Alpaca incident

OPRA Message Processing Issue

Notice Resolved View vendor source →

Alpaca experienced a notice incident on September 15, 2025, lasting 19h 49m. The incident has been resolved; the full update timeline is below.

Started
Sep 15, 2025, 03:57 PM UTC
Resolved
Sep 16, 2025, 11:46 AM UTC
Duration
19h 49m
Detected by Pingoru
Sep 15, 2025, 03:57 PM UTC

Update timeline

  1. investigating Sep 15, 2025, 03:57 PM UTC

    We experienced an issue with processing OPRA messages between 9:30 AM and 9:42 AM ET.
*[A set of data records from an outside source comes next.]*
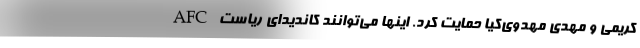
کریمی و مهدی مهدوی‌کیا حمایت کرد. اینها می‌توانند کاندیدای ریاست AFC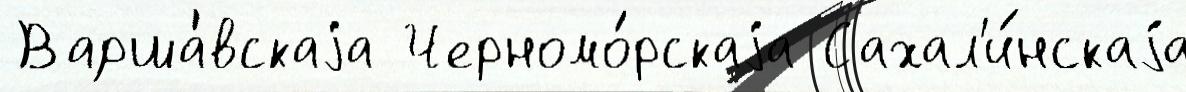
 Варша́вскаjа Черномо́рскаjа Сахал'и́нскаjа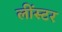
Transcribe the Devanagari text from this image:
लींस्टर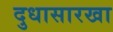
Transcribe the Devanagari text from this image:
दुधासारखा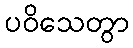
ပဝိသေတွာ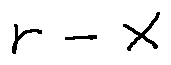
r - x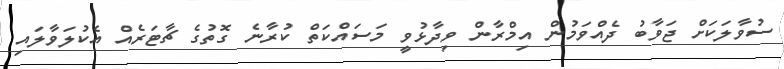
ސުވާލަކަށް ޖަވާބު ދެއްވަމުން އިމްރާން ވިދާޅުވީ މަސައްކަތް ކުރާނެ ގޮތުގެ ޗާޓަރެއް އެކުލަވާލައި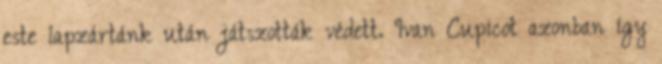
este lapzártánk után játszották védett. Ivan Cupicot azonban így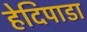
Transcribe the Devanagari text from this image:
हेदिपाडा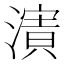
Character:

  2. resolved Sep 16, 2025, 11:46 AM UTC

    Issue is already mitigated

  3. postmortem Sep 16, 2025, 11:46 AM UTC

    We use aeron transport to send the preprocessed Exegy data from GCP VMs to our Kubernetes cluster. The aeron-driver component which is responsible for the UDP message transport, showed many NAKs \(retransmissions\) and our application showed aeron publication backpressure and hence lower number of processed messages. Sometimes, usually after we restarted the components including aeron-driver, this happens and an aeron-proxy restart helps and will not appear until the next restart. It can run for weeks without a problem. NOTE: We had a scheduled maintenance this weekend. But the situation is weird since aeron-proxy only communicates with aeron-driver using memory mapped files, and restarting it should not cause any NAK related problems, unless there is a bug in aeron-driver itself. We only experience this issue on the production system, so I have a feeling that this is because of the differences between the production and staging cluster network setup \(but this is just a guess\). Unfortunately, we do not have time to debug the situation whenever it happens because we need to restore the service immediately.